The Business Responsibility and Sustainability Reporting (BRSR) Core represents the most significant shift in Indian corporate transparency since the Companies Act, 2013. By 2026, sustainability reporting has evolved from a voluntary practice into a legal requirement, with SEBI treating ESG disclosures with the same weight as financial statements. Here’s a closer look at how the “Green Audit” landscape has transformed.
1. From Limited to Reasonable Assurance
Earlier, companies offered “Limited Assurance”—essentially a self-reported check by auditors. In 2026, SEBI mandates the Top 500 listed companies to obtain Reasonable Assurance.

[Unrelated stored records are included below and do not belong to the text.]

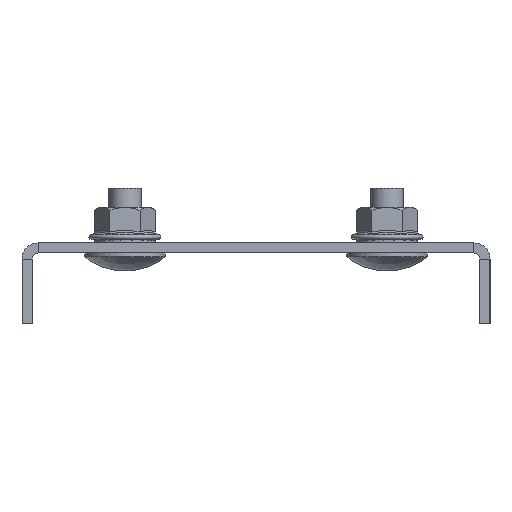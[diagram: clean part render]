
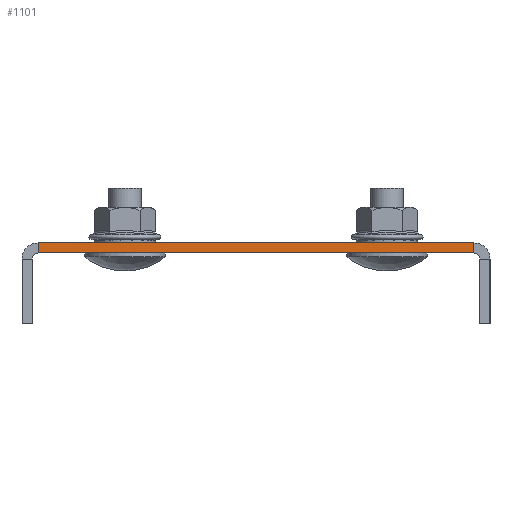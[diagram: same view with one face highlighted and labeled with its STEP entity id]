
A CAD part, left-side view. The second image highlights one B-rep face of the part: STEP entity #1101.
In plain terms, the highlighted planar face has unit normal (-1, 0, 0).
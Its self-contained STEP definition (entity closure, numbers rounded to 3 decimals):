
#172 = CARTESIAN_POINT ( 'NONE',  ( -250., 4., 0. ) ) ;
#1070 = VERTEX_POINT ( 'NONE', #172 ) ;
#1101 = ADVANCED_FACE ( 'NONE', ( #11574 ), #5224, .T. ) ;
#1494 = ORIENTED_EDGE ( 'NONE', *, *, #2328, .T. ) ;
#1510 = VERTEX_POINT ( 'NONE', #3522 ) ;
#2140 = EDGE_LOOP ( 'NONE', ( #10213, #4454, #8345, #1494 ) ) ;
#2189 = VECTOR ( 'NONE', #7457, 1000. ) ;
#2217 = DIRECTION ( 'NONE',  ( 0., 1., 0. ) ) ;
#2328 = EDGE_CURVE ( 'NONE', #2842, #1070, #10712, .T. ) ;
#2345 = EDGE_CURVE ( 'NONE', #1070, #1510, #11569, .T. ) ;
#2470 = CARTESIAN_POINT ( 'NONE',  ( -250., 113.5, -4. ) ) ;
#2842 = VERTEX_POINT ( 'NONE', #9105 ) ;
#3522 = CARTESIAN_POINT ( 'NONE',  ( -250., 112., 0. ) ) ;
#3745 = LINE ( 'NONE', #9230, #2189 ) ;
#4195 = DIRECTION ( 'NONE',  ( 0., 0., 1. ) ) ;
#4316 = DIRECTION ( 'NONE',  ( -1., 0., 0. ) ) ;
#4379 = DIRECTION ( 'NONE',  ( 0., 0., 1. ) ) ;
#4454 = ORIENTED_EDGE ( 'NONE', *, *, #4544, .T. ) ;
#4544 = EDGE_CURVE ( 'NONE', #1510, #6851, #10551, .T. ) ;
#5224 = PLANE ( 'NONE',  #9374 ) ;
#6851 = VERTEX_POINT ( 'NONE', #10680 ) ;
#6856 = VECTOR ( 'NONE', #6931, 1000. ) ;
#6931 = DIRECTION ( 'NONE',  ( 0., 0., -1. ) ) ;
#6968 = CARTESIAN_POINT ( 'NONE',  ( -250., 4., -2.5 ) ) ;
#7457 = DIRECTION ( 'NONE',  ( 0., 1., 0. ) ) ;
#7962 = CARTESIAN_POINT ( 'NONE',  ( -250., 112., 0. ) ) ;
#8345 = ORIENTED_EDGE ( 'NONE', *, *, #9863, .F. ) ;
#9105 = CARTESIAN_POINT ( 'NONE',  ( -250., 4., -2.5 ) ) ;
#9230 = CARTESIAN_POINT ( 'NONE',  ( -250., 0., -2.5 ) ) ;
#9362 = VECTOR ( 'NONE', #4379, 1000. ) ;
#9374 = AXIS2_PLACEMENT_3D ( 'NONE', #2470, #4316, #4195 ) ;
#9781 = CARTESIAN_POINT ( 'NONE',  ( -250., 0., 0. ) ) ;
#9863 = EDGE_CURVE ( 'NONE', #2842, #6851, #3745, .T. ) ;
#10213 = ORIENTED_EDGE ( 'NONE', *, *, #2345, .T. ) ;
#10551 = LINE ( 'NONE', #7962, #6856 ) ;
#10680 = CARTESIAN_POINT ( 'NONE',  ( -250., 112., -2.5 ) ) ;
#10712 = LINE ( 'NONE', #6968, #9362 ) ;
#11569 = LINE ( 'NONE', #9781, #11918 ) ;
#11574 = FACE_OUTER_BOUND ( 'NONE', #2140, .T. ) ;
#11918 = VECTOR ( 'NONE', #2217, 1000. ) ;
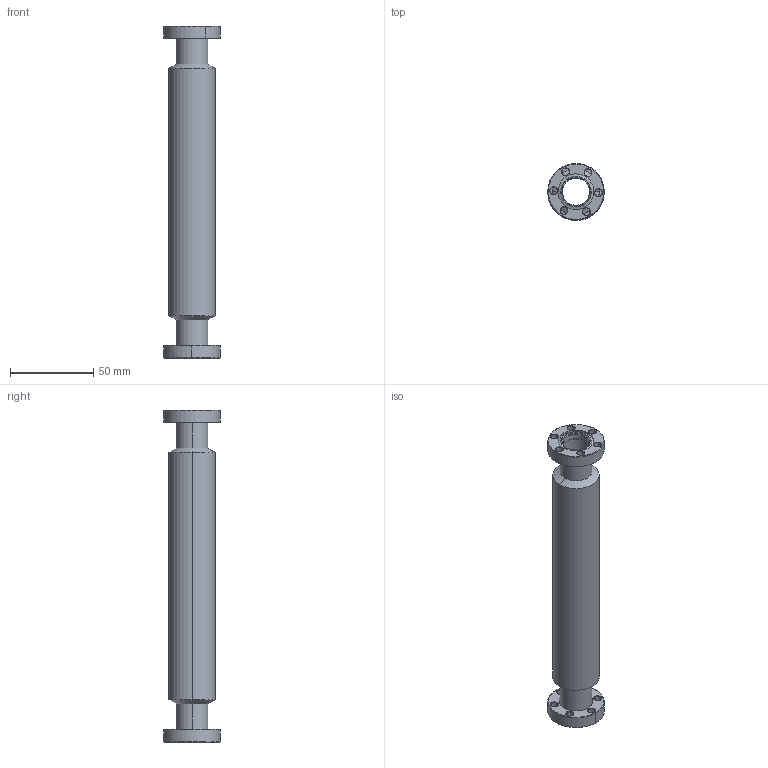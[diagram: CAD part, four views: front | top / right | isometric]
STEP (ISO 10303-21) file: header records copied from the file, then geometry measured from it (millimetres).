
FILE_DESCRIPTION (( 'STEP AP214' ), '1' );
FILE_NAME ('Hositrad_FLX16-200.STEP', '2017-05-24T12:11:18', ( 'Gebruiker' ), ( '' ), 'SwSTEP 2.0', 'SolidWorks 2017', '' );
FILE_SCHEMA (( 'AUTOMOTIVE_DESIGN' ));
Length unit declared in the file: millimetre
Products named in the file (6): CF-Hydraulically-Formed-Flexible-Coupling-All-to 500_FLX16-200; Hositrad_FLX16-200; NW16CF-weld_CF16-19; CF16-19-R; NW16CF-Innerring_CF16-19-R; NW16CF-Outerring
Assembly tree (5 placements, depth 3):
  Hositrad_FLX16-200
    CF-Hydraulically-Formed-Flexible-Coupling-All-to 500_FLX16-200
    CF16-19-R
      NW16CF-Outerring
      NW16CF-Innerring_CF16-19-R
    NW16CF-weld_CF16-19
Bounding box: 34 x 33.99 x 200 mm (x, y, z)
Volume: 69332.4 mm3; surface area: 33119.1 mm2
Topology: 4 solids, 4 shells, 151 faces, 336 edges, 196 vertices
Faces by surface type: cone 80, cylinder 52, plane 19
Entity records: 4484 total; most frequent: DIRECTION 836, CARTESIAN_POINT 716, ORIENTED_EDGE 672, AXIS2_PLACEMENT_3D 348, EDGE_CURVE 336, VERTEX_POINT 196, CIRCLE 188, EDGE_LOOP 186

- What it entails: Auditors now perform detailed physical verifications. For instance, a claimed 20% reduction in carbon emissions requires cross-checking electricity meters, fuel bills, and sensor data.
- Impact: Greenwashing is no longer tolerated. ESG spending is now a compliance cost, not a marketing expense.
2. The Nine Pillars of BRSR Core
The BRSR Core framework emphasizes quantifiable metrics over vague narratives. Auditors verify nine key aspects:
- Greenhouse Gas (GHG) Emissions: Scope 1 and Scope 2 intensity.
- Water Consumption: Total usage and discharge quality.
- Energy Footprint: Percentage of renewable energy in operations.
- Waste Management: Circular economy measures (recycle vs. landfill).
- Employee Wellbeing: Safety, median wages, and insurance coverage.
- Gender Diversity: Pay parity and management representation.
- Inclusive Development: CSR spending impact.
- Fairness in Services: Consumer privacy and fair pricing.
- Openness of Business: Transparency in lobbying and political contributions.
3. The Value Chain Challenge: MSMEs in the Spotlight
The most transformative aspect in 2026 is Value Chain Reporting. Top 250 listed companies must now report ESG metrics for suppliers and partners representing 75% of their purchase/sales value.
- Chain Reaction: Corporates like Tata Motors or Reliance now require vendors in hubs like Pune, Ludhiana, and Coimbatore to provide data on water usage, labor standards, and sustainability practices.
- Green or Out: MSMEs failing to provide ESG data risk being dropped from supply chains. Sustainability has become a mandatory prerequisite for doing business.
4. The Rise of Sustainability Auditors
The BRSR Core has given birth to a new class of professionals. ICAI and ICSI have introduced specialized Sustainability Auditor certifications.
- Audit Process: Verification now goes beyond paper trails, using IoT sensors, satellite imagery, and blockchain-based supply chain logs to ensure claims—like carbon credits or solar farm offsets—are authentic.
| Feature | 2024 Reality | 2026 Reality |
|---|---|---|
| Audit Type | Limited Assurance | Reasonable Assurance |
| Scope | Company operations only | Entire Value Chain |
| Liability | Reputational risk | SEBI penalties & personal liability |
| Data Source | Manual Excel sheets | Real-time ESG dashboards & IoT |
5. Executive Challenge: Is Your Board Ready?
For India’s 2026 boards, BRSR Core is a double-edged sword. While strong ESG reporting attracts foreign institutional investors, inaccurate or fraudulent reporting exposes companies to litigation and regulatory penalties. Boards must now combine strategic vision with rigorous oversight of sustainability data.
Conclusion:
The era of voluntary ESG reporting is over. Indian corporates now operate under a Green Audit regime that demands accountability, transparency, and actionable sustainability practices across their operations and supply chains. The question for 2026: Are boards ready to meet the challenge?